#### DATA TO PROCESS:
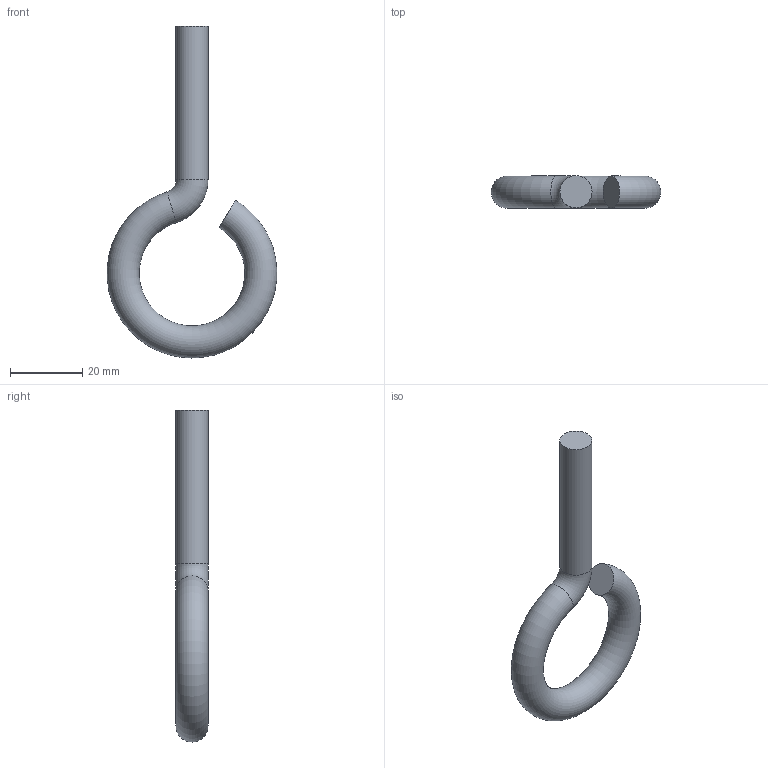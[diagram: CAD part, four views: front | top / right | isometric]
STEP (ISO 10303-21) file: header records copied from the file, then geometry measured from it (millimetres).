
FILE_DESCRIPTION( ( '' ), ' ' );
FILE_NAME( '5bf26e299bc29714c91c43a0.step', '2018-11-19T08:02:49', ( '' ), ( '' ), ' ', ' ', ' ' );
FILE_SCHEMA( ( 'AUTOMOTIVE_DESIGN { 1 0 10303 214 1 1 1 1 }' ) );
Length unit declared in the file: metre
Products named in the file (1): Boom Pulley Hook
Bounding box: 46.93 x 8.89 x 91.86 mm (x, y, z)
Volume: 9706.1 mm3; surface area: 4491.4 mm2
Topology: 1 solids, 1 shells, 5 faces, 8 edges, 5 vertices
Faces by surface type: plane 2, torus 2, cylinder 1
Full cylindrical faces by diameter (mm): 8.89 x1
Entity records: 154 total; most frequent: DIRECTION 20, CARTESIAN_POINT 15, AXIS2_PLACEMENT_3D 10, FACE_OUTER_BOUND 8, EDGE_LOOP 8, ORIENTED_EDGE 8, STYLED_ITEM 5, PRESENTATION_STYLE_ASSIGNMENT 5
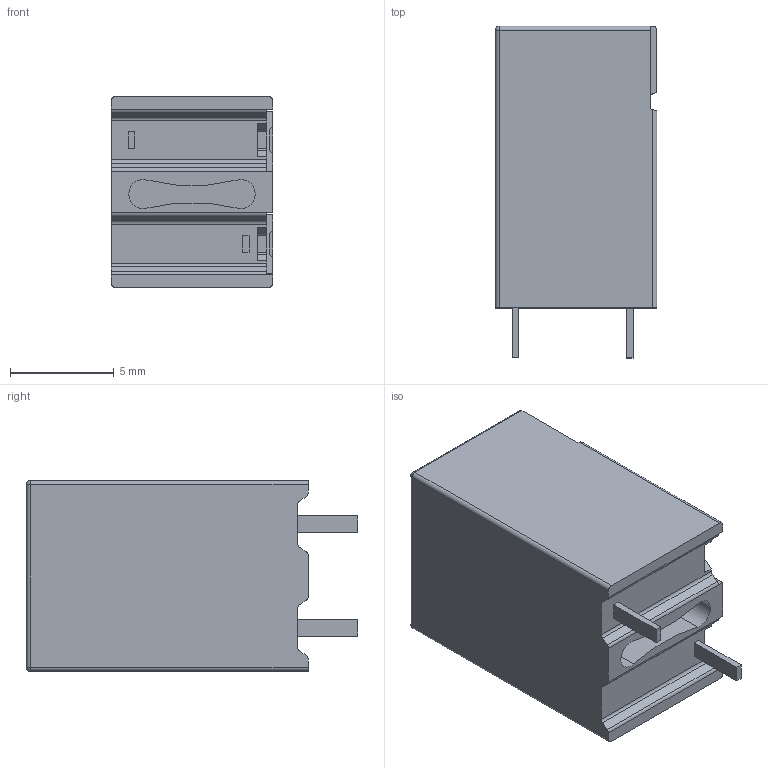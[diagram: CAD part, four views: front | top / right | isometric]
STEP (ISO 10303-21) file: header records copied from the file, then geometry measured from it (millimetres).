
FILE_DESCRIPTION(/* description */ ('STEP AP214'),/* implementation_level */ '2;1');
FILE_NAME(/* name */ '2086-3122',/* time_stamp */ '2022-10-08T11:13:45+02:00',/* author */ ('License CC BY-ND 4.0'),/* organization */ ('CADENAS'),/* preprocessor_version */ 'ST-DEVELOPER v18.102',/* originating_system */ 'PARTsolutions',/* authorisation */ ' ');
FILE_SCHEMA (('AUTOMOTIVE_DESIGN {1 0 10303 214 3 1 1}'));
Length unit declared in the file: millimetre
Products named in the file (1): 2086-3122
Bounding box: 7.8 x 16 x 9.2 mm (x, y, z)
Volume: 849.9 mm3; surface area: 809.1 mm2
Topology: 1 solids, 1 shells, 176 faces, 455 edges, 288 vertices
Faces by surface type: plane 127, cylinder 39, cone 8, sphere 2
Entity records: 6523 total; most frequent: CARTESIAN_POINT 918, ORIENTED_EDGE 906, DIRECTION 893, EDGE_CURVE 453, LINE 367, VECTOR 367, VERTEX_POINT 288, AXIS2_PLACEMENT_3D 263
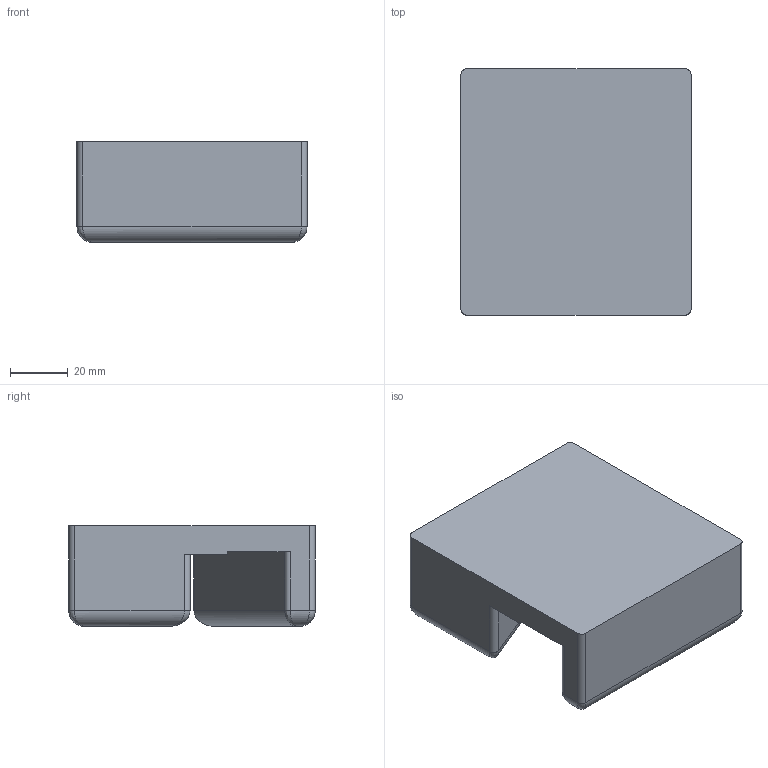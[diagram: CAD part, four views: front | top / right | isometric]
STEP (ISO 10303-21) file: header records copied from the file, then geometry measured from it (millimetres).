
FILE_DESCRIPTION(/* description */ (''),/* implementation_level */ '2;1');
FILE_NAME(/* name */ 'prt_front_foop_cuting_jig.stp',/* time_stamp */ '2023-02-26T22:46:39+01:00',/* author */ (''),/* organization */ (''),/* preprocessor_version */ 'ST-DEVELOPER v16',/* originating_system */ 'SIEMENS PLM Software NX 10.0',/* authorisation */ '');
FILE_SCHEMA (('AUTOMOTIVE_DESIGN { 1 0 10303 214 3 1 1 1 }'));
Length unit declared in the file: millimetre
Products named in the file (1): prt_front_foop_cuting_jig
Bounding box: 80 x 85.61 x 35 mm (x, y, z)
Volume: 170243.5 mm3; surface area: 26857.1 mm2
Topology: 1 solids, 1 shells, 37 faces, 89 edges, 46 vertices
Faces by surface type: cylinder 16, plane 13, bspline 8
Entity records: 1159 total; most frequent: CARTESIAN_POINT 337, DIRECTION 173, ORIENTED_EDGE 162, EDGE_CURVE 81, AXIS2_PLACEMENT_3D 62, LINE 49, VECTOR 49, VERTEX_POINT 46
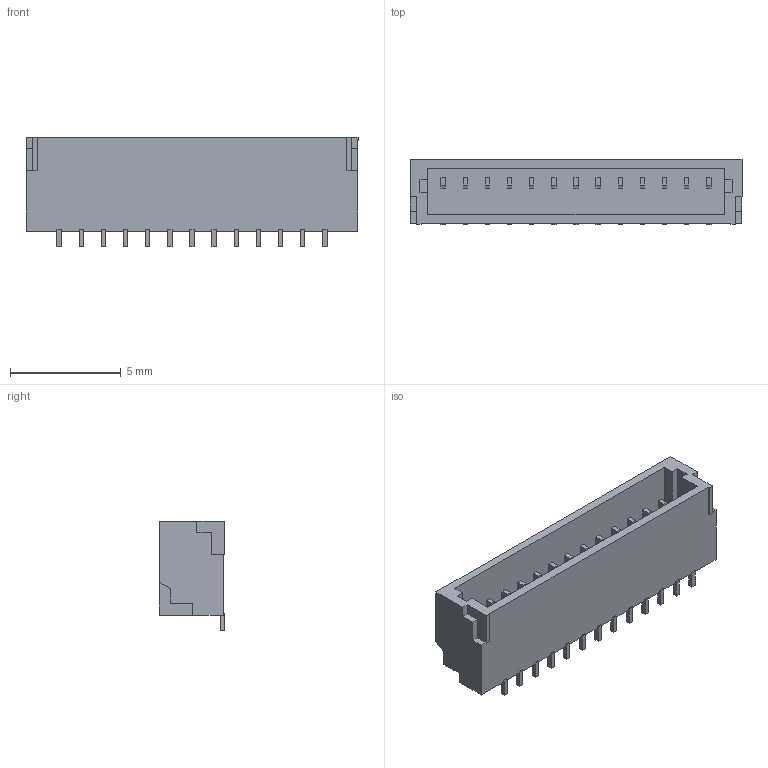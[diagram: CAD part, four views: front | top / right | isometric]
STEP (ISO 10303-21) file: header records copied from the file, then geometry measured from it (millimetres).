
FILE_DESCRIPTION(/* description */ (''),/* implementation_level */ '2;1');
FILE_NAME(/* name */ 'CON_SM13B-SRSS-TB.step',/* time_stamp */ '2024-07-13T17:18:26+02:00',/* author */ (''),/* organization */ (''),/* preprocessor_version */ 'ST-DEVELOPER v20',/* originating_system */ 'Autodesk Translation Framework v13.14.0.145',/* authorisation */ '');
FILE_SCHEMA (('AUTOMOTIVE_DESIGN { 1 0 10303 214 3 1 1 }'));
Length unit declared in the file: millimetre
Products named in the file (1): CON_SM13B-SRSS-TB
Bounding box: 15 x 2.96 x 4.95 mm (x, y, z)
Volume: 99.8 mm3; surface area: 371 mm2
Topology: 1 solids, 1 shells, 188 faces, 514 edges, 342 vertices
Faces by surface type: plane 188
Entity records: 6057 total; most frequent: CARTESIAN_POINT 1045, ORIENTED_EDGE 1028, DIRECTION 892, LINE 514, VECTOR 514, EDGE_CURVE 514, VERTEX_POINT 342, EDGE_LOOP 202
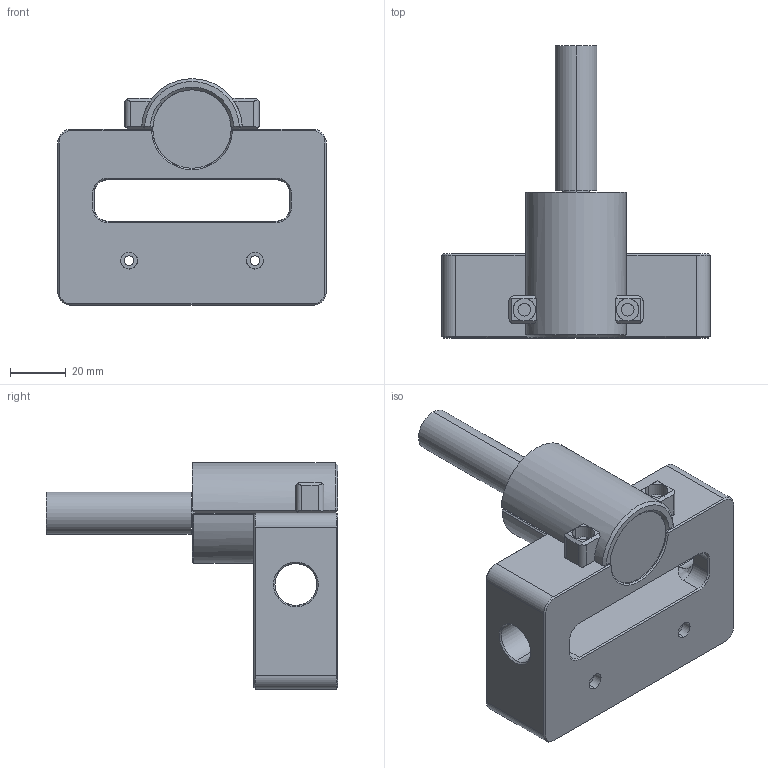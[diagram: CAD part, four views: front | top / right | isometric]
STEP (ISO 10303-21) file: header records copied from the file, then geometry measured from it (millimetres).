
FILE_DESCRIPTION (( 'STEP AP214' ), '1' );
FILE_NAME ('驗郲蚾饜.STEP', '2021-05-26T08:32:50', ( '' ), ( '' ), 'SwSTEP 2.0', 'SolidWorks 2019', '' );
FILE_SCHEMA (( 'AUTOMOTIVE_DESIGN' ));
Length unit declared in the file: millimetre
Products named in the file (4): 驗郲盓殤狟; 驗郲奻盓殤; 驗郲蚾饜; 驗郲
Assembly tree (3 placements, depth 2):
  驗郲蚾饜
    驗郲
    驗郲盓殤狟
    驗郲奻盓殤
Bounding box: 96 x 104.3 x 81 mm (x, y, z)
Volume: 136921.3 mm3; surface area: 48778.7 mm2
Topology: 3 solids, 3 shells, 238 faces, 609 edges, 373 vertices
Faces by surface type: plane 125, cylinder 66, cone 39, bspline 8
Entity records: 7769 total; most frequent: CARTESIAN_POINT 1960, ORIENTED_EDGE 1202, DIRECTION 1181, EDGE_CURVE 601, AXIS2_PLACEMENT_3D 418, VERTEX_POINT 373, LINE 345, VECTOR 345

#### TASK DETAILS:
All of the lines above must be repeated without alteration, though the pictures are to be excluded.

#### TASK SOLUTION:
[diagram: CAD part, four views: front | top / right | isometric]
STEP (ISO 10303-21) file: header records copied from the file, then geometry measured from it (millimetres).
FILE_DESCRIPTION( ( '' ), ' ' );
FILE_NAME( '5bf26e299bc29714c91c43a0.step', '2018-11-19T08:02:49', ( '' ), ( '' ), ' ', ' ', ' ' );
FILE_SCHEMA( ( 'AUTOMOTIVE_DESIGN { 1 0 10303 214 1 1 1 1 }' ) );
Length unit declared in the file: metre
Products named in the file (1): Boom Pulley Hook
Bounding box: 46.93 x 8.89 x 91.86 mm (x, y, z)
Volume: 9706.1 mm3; surface area: 4491.4 mm2
Topology: 1 solids, 1 shells, 5 faces, 8 edges, 5 vertices
Faces by surface type: plane 2, torus 2, cylinder 1
Full cylindrical faces by diameter (mm): 8.89 x1
Entity records: 154 total; most frequent: DIRECTION 20, CARTESIAN_POINT 15, AXIS2_PLACEMENT_3D 10, FACE_OUTER_BOUND 8, EDGE_LOOP 8, ORIENTED_EDGE 8, STYLED_ITEM 5, PRESENTATION_STYLE_ASSIGNMENT 5
[diagram: CAD part, four views: front | top / right | isometric]
STEP (ISO 10303-21) file: header records copied from the file, then geometry measured from it (millimetres).
FILE_DESCRIPTION(/* description */ ('STEP AP214'),/* implementation_level */ '2;1');
FILE_NAME(/* name */ '2086-3122',/* time_stamp */ '2022-10-08T11:13:45+02:00',/* author */ ('License CC BY-ND 4.0'),/* organization */ ('CADENAS'),/* preprocessor_version */ 'ST-DEVELOPER v18.102',/* originating_system */ 'PARTsolutions',/* authorisation */ ' ');
FILE_SCHEMA (('AUTOMOTIVE_DESIGN {1 0 10303 214 3 1 1}'));
Length unit declared in the file: millimetre
Products named in the file (1): 2086-3122
Bounding box: 7.8 x 16 x 9.2 mm (x, y, z)
Volume: 849.9 mm3; surface area: 809.1 mm2
Topology: 1 solids, 1 shells, 176 faces, 455 edges, 288 vertices
Faces by surface type: plane 127, cylinder 39, cone 8, sphere 2
Entity records: 6523 total; most frequent: CARTESIAN_POINT 918, ORIENTED_EDGE 906, DIRECTION 893, EDGE_CURVE 453, LINE 367, VECTOR 367, VERTEX_POINT 288, AXIS2_PLACEMENT_3D 263
[diagram: CAD part, four views: front | top / right | isometric]
STEP (ISO 10303-21) file: header records copied from the file, then geometry measured from it (millimetres).
FILE_DESCRIPTION(/* description */ (''),/* implementation_level */ '2;1');
FILE_NAME(/* name */ 'prt_front_foop_cuting_jig.stp',/* time_stamp */ '2023-02-26T22:46:39+01:00',/* author */ (''),/* organization */ (''),/* preprocessor_version */ 'ST-DEVELOPER v16',/* originating_system */ 'SIEMENS PLM Software NX 10.0',/* authorisation */ '');
FILE_SCHEMA (('AUTOMOTIVE_DESIGN { 1 0 10303 214 3 1 1 1 }'));
Length unit declared in the file: millimetre
Products named in the file (1): prt_front_foop_cuting_jig
Bounding box: 80 x 85.61 x 35 mm (x, y, z)
Volume: 170243.5 mm3; surface area: 26857.1 mm2
Topology: 1 solids, 1 shells, 37 faces, 89 edges, 46 vertices
Faces by surface type: cylinder 16, plane 13, bspline 8
Entity records: 1159 total; most frequent: CARTESIAN_POINT 337, DIRECTION 173, ORIENTED_EDGE 162, EDGE_CURVE 81, AXIS2_PLACEMENT_3D 62, LINE 49, VECTOR 49, VERTEX_POINT 46
[diagram: CAD part, four views: front | top / right | isometric]
STEP (ISO 10303-21) file: header records copied from the file, then geometry measured from it (millimetres).
FILE_DESCRIPTION(/* description */ (''),/* implementation_level */ '2;1');
FILE_NAME(/* name */ 'CON_SM13B-SRSS-TB.step',/* time_stamp */ '2024-07-13T17:18:26+02:00',/* author */ (''),/* organization */ (''),/* preprocessor_version */ 'ST-DEVELOPER v20',/* originating_system */ 'Autodesk Translation Framework v13.14.0.145',/* authorisation */ '');
FILE_SCHEMA (('AUTOMOTIVE_DESIGN { 1 0 10303 214 3 1 1 }'));
Length unit declared in the file: millimetre
Products named in the file (1): CON_SM13B-SRSS-TB
Bounding box: 15 x 2.96 x 4.95 mm (x, y, z)
Volume: 99.8 mm3; surface area: 371 mm2
Topology: 1 solids, 1 shells, 188 faces, 514 edges, 342 vertices
Faces by surface type: plane 188
Entity records: 6057 total; most frequent: CARTESIAN_POINT 1045, ORIENTED_EDGE 1028, DIRECTION 892, LINE 514, VECTOR 514, EDGE_CURVE 514, VERTEX_POINT 342, EDGE_LOOP 202
[diagram: CAD part, four views: front | top / right | isometric]
STEP (ISO 10303-21) file: header records copied from the file, then geometry measured from it (millimetres).
FILE_DESCRIPTION (( 'STEP AP214' ), '1' );
FILE_NAME ('驗郲蚾饜.STEP', '2021-05-26T08:32:50', ( '' ), ( '' ), 'SwSTEP 2.0', 'SolidWorks 2019', '' );
FILE_SCHEMA (( 'AUTOMOTIVE_DESIGN' ));
Length unit declared in the file: millimetre
Products named in the file (4): 驗郲盓殤狟; 驗郲奻盓殤; 驗郲蚾饜; 驗郲
Assembly tree (3 placements, depth 2):
  驗郲蚾饜
    驗郲
    驗郲盓殤狟
    驗郲奻盓殤
Bounding box: 96 x 104.3 x 81 mm (x, y, z)
Volume: 136921.3 mm3; surface area: 48778.7 mm2
Topology: 3 solids, 3 shells, 238 faces, 609 edges, 373 vertices
Faces by surface type: plane 125, cylinder 66, cone 39, bspline 8
Entity records: 7769 total; most frequent: CARTESIAN_POINT 1960, ORIENTED_EDGE 1202, DIRECTION 1181, EDGE_CURVE 601, AXIS2_PLACEMENT_3D 418, VERTEX_POINT 373, LINE 345, VECTOR 345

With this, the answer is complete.